What you will do
The reply should hold only the lines from the one with "FILE_DESCRIPTION(('FreeCAD Model'),'2;1');" to the one with "#28 = VERTEX_POINT ( 'NONE', #195 ) ;", both ends kept, exactly as they appear below, without any pictures.

Dataset entries
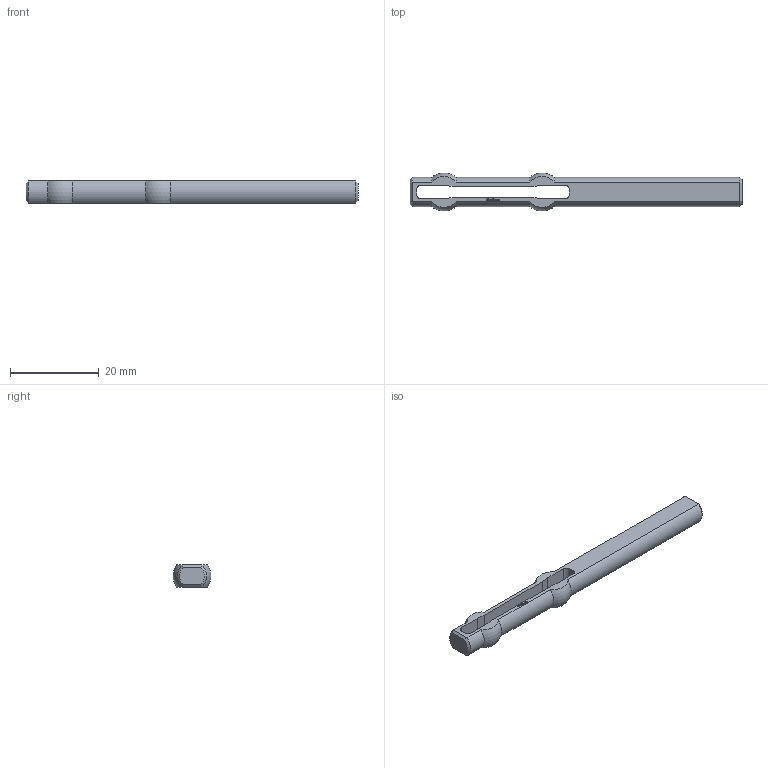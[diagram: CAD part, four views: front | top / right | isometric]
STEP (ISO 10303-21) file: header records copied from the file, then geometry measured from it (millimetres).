
FILE_DESCRIPTION(('FreeCAD Model'),'2;1');
FILE_NAME('Open CASCADE Shape Model','2022-07-11T18:42:03',(''),(''), 'Open CASCADE STEP processor 7.5','FreeCAD','Unknown');
FILE_SCHEMA(('AUTOMOTIVE_DESIGN { 1 0 10303 214 1 1 1 1 }'));
Length unit declared in the file: millimetre
Products named in the file (1): Pin SPP INR LCT UDR BU04.00x03.00 - SPN-PIN-0200
Bounding box: 75 x 8.54 x 5 mm (x, y, z)
Volume: 1818 mm3; surface area: 1768.7 mm2
Topology: 1 solids, 1 shells, 486 faces, 1357 edges, 902 vertices
Faces by surface type: plane 335, bspline 133, cylinder 10, cone 4, sphere 4
Entity records: 34766 total; most frequent: CARTESIAN_POINT 9359, DIRECTION 3971, LINE 3189, VECTOR 3189, ORIENTED_EDGE 2714, PCURVE 2714, DEFINITIONAL_REPRESENTATION 2714, EDGE_CURVE 1357
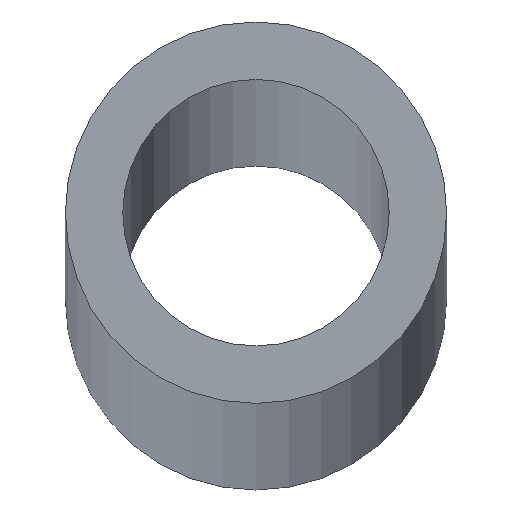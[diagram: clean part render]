
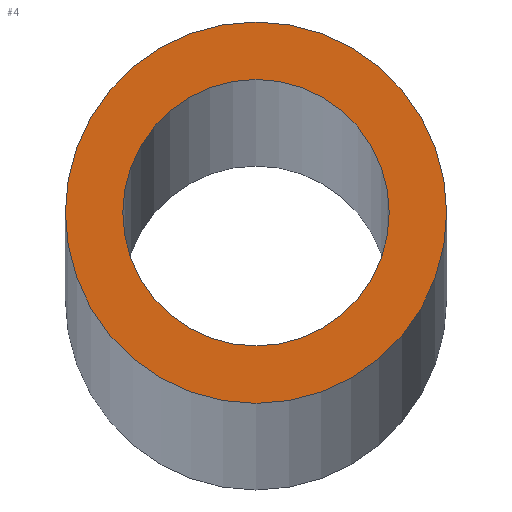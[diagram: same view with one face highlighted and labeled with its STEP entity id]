
A CAD part, top view. The second image highlights one B-rep face of the part: STEP entity #4.
In plain terms, the highlighted planar face has unit normal (0, 0, 1).
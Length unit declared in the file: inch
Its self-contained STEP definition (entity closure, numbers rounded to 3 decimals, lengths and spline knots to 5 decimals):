
#4 = ADVANCED_FACE ( 'NONE', ( #54, #242 ), #75, .T. ) ;
#5 = EDGE_LOOP ( 'NONE', ( #180, #121 ) ) ;
#18 = CARTESIAN_POINT ( 'NONE',  ( 0., 0., 216. ) ) ;
#23 = CIRCLE ( 'NONE', #117, 0.58 ) ;
#28 = VERTEX_POINT ( 'NONE', #195 ) ;
#37 = CARTESIAN_POINT ( 'NONE',  ( 0., 0., 216. ) ) ;
#54 = FACE_OUTER_BOUND ( 'NONE', #101, .T. ) ;
#59 = DIRECTION ( 'NONE',  ( 1., 0., 0. ) ) ;
#66 = CIRCLE ( 'NONE', #182, 0.83 ) ;
#75 = PLANE ( 'NONE',  #162 ) ;
#76 = EDGE_CURVE ( 'NONE', #202, #28, #66, .T. ) ;
#77 = DIRECTION ( 'NONE',  ( 0., 0., 1. ) ) ;
#79 = AXIS2_PLACEMENT_3D ( 'NONE', #216, #235, #183 ) ;
#95 = VERTEX_POINT ( 'NONE', #131 ) ;
#101 = EDGE_LOOP ( 'NONE', ( #120, #165 ) ) ;
#113 = DIRECTION ( 'NONE',  ( 0., 0., 1. ) ) ;
#115 = DIRECTION ( 'NONE',  ( 0., 0., 1. ) ) ;
#117 = AXIS2_PLACEMENT_3D ( 'NONE', #218, #234, #240 ) ;
#120 = ORIENTED_EDGE ( 'NONE', *, *, #76, .T. ) ;
#121 = ORIENTED_EDGE ( 'NONE', *, *, #196, .F. ) ;
#125 = DIRECTION ( 'NONE',  ( 1., 0., 0. ) ) ;
#131 = CARTESIAN_POINT ( 'NONE',  ( -0.58, 0., 216. ) ) ;
#141 = CARTESIAN_POINT ( 'NONE',  ( 0.58, 0., 216. ) ) ;
#162 = AXIS2_PLACEMENT_3D ( 'NONE', #37, #115, #59 ) ;
#165 = ORIENTED_EDGE ( 'NONE', *, *, #171, .T. ) ;
#171 = EDGE_CURVE ( 'NONE', #28, #202, #243, .T. ) ;
#176 = DIRECTION ( 'NONE',  ( 1., 0., 0. ) ) ;
#177 = CIRCLE ( 'NONE', #79, 0.58 ) ;
#179 = CARTESIAN_POINT ( 'NONE',  ( -0.83, 0., 216. ) ) ;
#180 = ORIENTED_EDGE ( 'NONE', *, *, #251, .F. ) ;
#182 = AXIS2_PLACEMENT_3D ( 'NONE', #18, #113, #125 ) ;
#183 = DIRECTION ( 'NONE',  ( 1., 0., 0. ) ) ;
#186 = VERTEX_POINT ( 'NONE', #141 ) ;
#195 = CARTESIAN_POINT ( 'NONE',  ( 0.83, 0., 216. ) ) ;
#196 = EDGE_CURVE ( 'NONE', #186, #95, #177, .T. ) ;
#199 = AXIS2_PLACEMENT_3D ( 'NONE', #246, #77, #176 ) ;
#202 = VERTEX_POINT ( 'NONE', #179 ) ;
#216 = CARTESIAN_POINT ( 'NONE',  ( 0., 0., 216. ) ) ;
#218 = CARTESIAN_POINT ( 'NONE',  ( 0., 0., 216. ) ) ;
#234 = DIRECTION ( 'NONE',  ( 0., 0., 1. ) ) ;
#235 = DIRECTION ( 'NONE',  ( 0., 0., 1. ) ) ;
#240 = DIRECTION ( 'NONE',  ( 1., 0., 0. ) ) ;
#242 = FACE_BOUND ( 'NONE', #5, .T. ) ;
#243 = CIRCLE ( 'NONE', #199, 0.83 ) ;
#246 = CARTESIAN_POINT ( 'NONE',  ( 0., 0., 216. ) ) ;
#251 = EDGE_CURVE ( 'NONE', #95, #186, #23, .T. ) ;

Exercise response
FILE_DESCRIPTION(('FreeCAD Model'),'2;1');
FILE_NAME('Open CASCADE Shape Model','2022-07-11T18:42:03',(''),(''), 'Open CASCADE STEP processor 7.5','FreeCAD','Unknown');
FILE_SCHEMA(('AUTOMOTIVE_DESIGN { 1 0 10303 214 1 1 1 1 }'));
Length unit declared in the file: millimetre
Products named in the file (1): Pin SPP INR LCT UDR BU04.00x03.00 - SPN-PIN-0200
Bounding box: 75 x 8.54 x 5 mm (x, y, z)
Volume: 1818 mm3; surface area: 1768.7 mm2
Topology: 1 solids, 1 shells, 486 faces, 1357 edges, 902 vertices
Faces by surface type: plane 335, bspline 133, cylinder 10, cone 4, sphere 4
Entity records: 34766 total; most frequent: CARTESIAN_POINT 9359, DIRECTION 3971, LINE 3189, VECTOR 3189, ORIENTED_EDGE 2714, PCURVE 2714, DEFINITIONAL_REPRESENTATION 2714, EDGE_CURVE 1357
[diagram: clean part render]
[diagram: same view with one face highlighted and labeled with its STEP entity id]
A CAD part, top view. The second image highlights one B-rep face of the part: STEP entity #4.
In plain terms, the highlighted planar face has unit normal (0, 0, 1).
Length unit declared in the file: inch
Its self-contained STEP definition (entity closure, numbers rounded to 3 decimals, lengths and spline knots to 5 decimals):
#4 = ADVANCED_FACE ( 'NONE', ( #54, #242 ), #75, .T. ) ;
#5 = EDGE_LOOP ( 'NONE', ( #180, #121 ) ) ;
#18 = CARTESIAN_POINT ( 'NONE',  ( 0., 0., 216. ) ) ;
#23 = CIRCLE ( 'NONE', #117, 0.58 ) ;
#28 = VERTEX_POINT ( 'NONE', #195 ) ;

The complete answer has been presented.